You will be able to negotiate them down a bit on price - at least $1k.

GT-Vs are a perfect P plater car (alongside Supra SZ-Rs). All the perks of the turbo model but 100% legal to drive!

yeah but looks like a dealership...they always put the price high, then u can cut off atleast 2k off the price

That's true, mine was 2k more at car city but I went direct to the dude who imported it, if you went to the dealership though they won't be able to do as much as 2k for instance because they'd loose all their margin... I would recommend going private and just take someone who knows their stuff with you. Saving that money is worth it!

Power rd aint cheap but their cars are awesome condition. My car, my brothers car, my friends cars (wrote off the first one and got another). Apart from the written off one all of ours are going fine years on with no problems. My brother got a 2000 r34 gtv from them for 15k on road. Was a 4 door though

im not allowed.. a turbo.. and if he doesnt want a turbo. dont get a skyline

well thats your choice to drive a turbo you get dicked you cop it

but just because he wants a NA car doesnt mean he cant get a skyline, its a personal prefence

oh and a v35 onwards is a NA so does that mean we all cant buy them cause there non turbo?

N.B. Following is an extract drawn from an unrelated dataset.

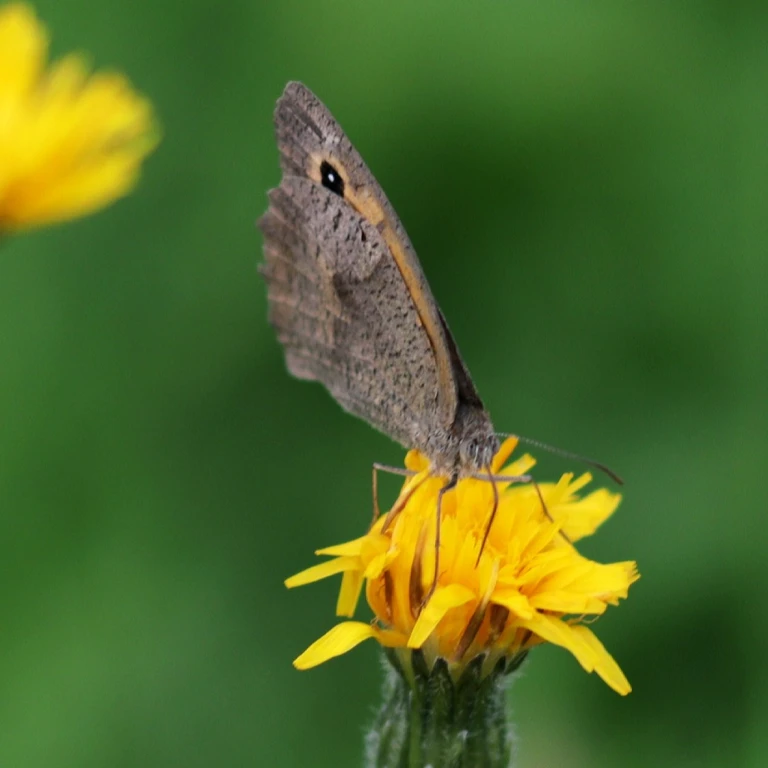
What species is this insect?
Maniola jurtina
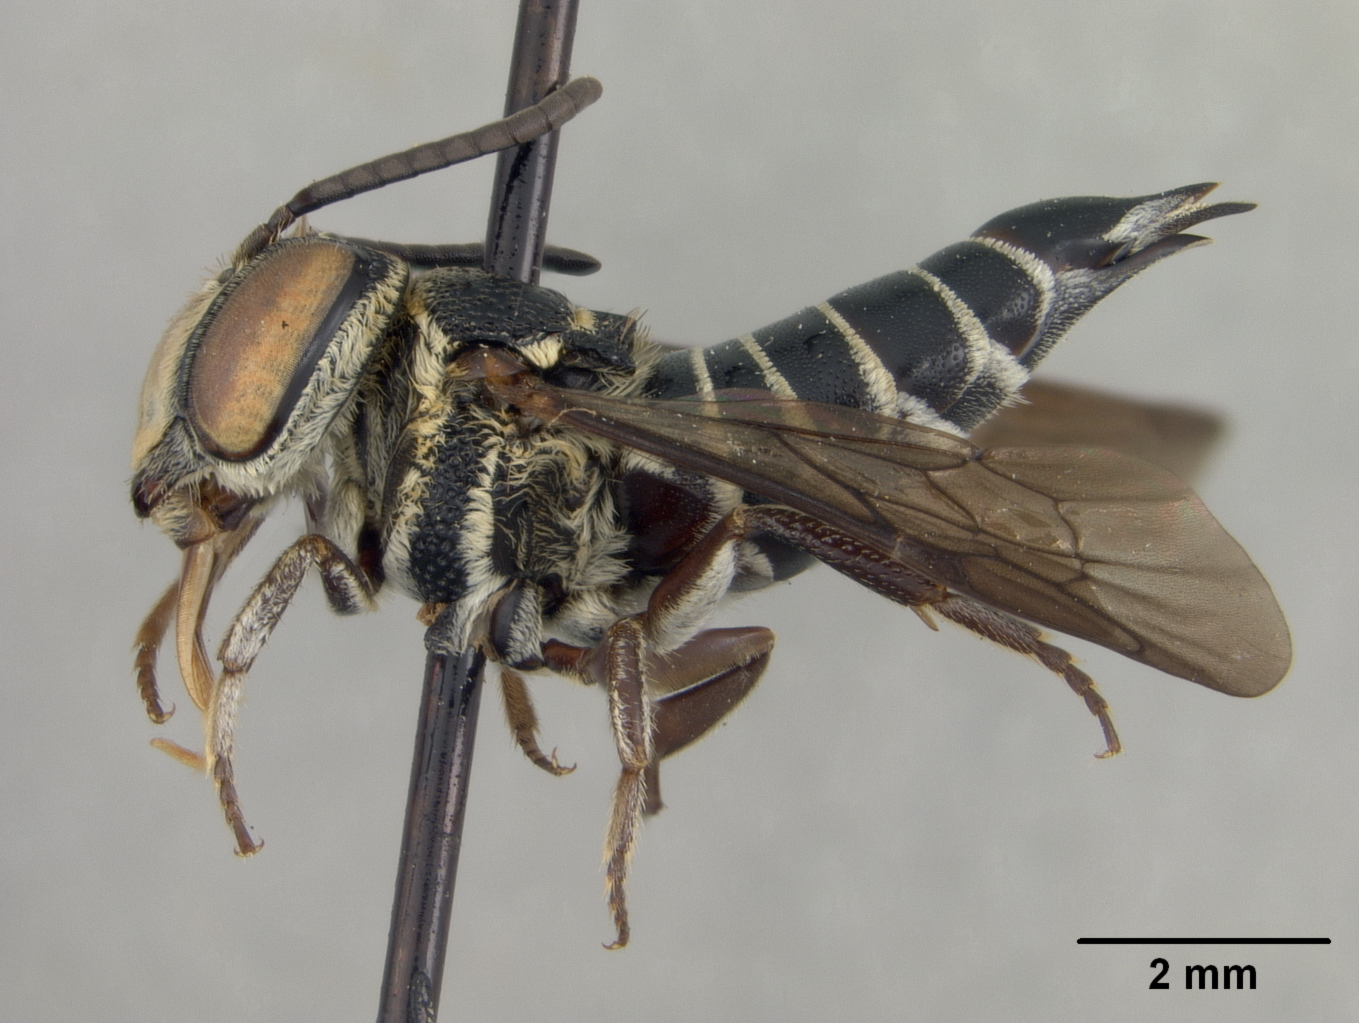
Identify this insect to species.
Coelioxys spatuliventer

The price is high becuase of market demand.

Think about it - the criteria this car has.

- Coupe

- Manual

- Big brakes

- Skyline

- R34

- P-plate legal

Probably the ultimate n/a R34 setup straight of of the factory.

Easiest car to eventually turbo charge (if you decide to) - as it is a manual and has all the support mods needed for a turbo - such as big brakes.

The price is high becuase of market demand.

Think about it - the criteria this car has.

- Coupe

- Manual

- Big brakes

- Skyline

- R34

- P-plate legal

Probably the ultimate n/a R34 setup straight of of the factory.

Easiest car to eventually turbo charge (if you decide to) - as it is a manual and has all the support mods needed for a turbo - such as big brakes.

Yes, it's an ultimate p plater car, but it is still not worth that much lol.

It's like an ultimate burger meal, you get a piece of chicken, a burger, chips, mashed potato, drink. Awesome for dinner, but would you pay $50 for it? :)

Yes, it's an ultimate p plater car, but it is still not worth that much lol.

It's like an ultimate burger meal, you get a piece of chicken, a burger, chips, mashed potato, drink. Awesome for dinner, but would you pay $50 for it? :)

100% agree with you. The car isn't worth much. It is just the demand on "P plate legal" Skylines (or any sporty car) that pushes the price up. :)

My advice for the OP - nothing wrong with the car - but paying the price of a turbo for a non-turbo car is un-fair on you IMHO. Dealerships and people in the know are ripping off P platers.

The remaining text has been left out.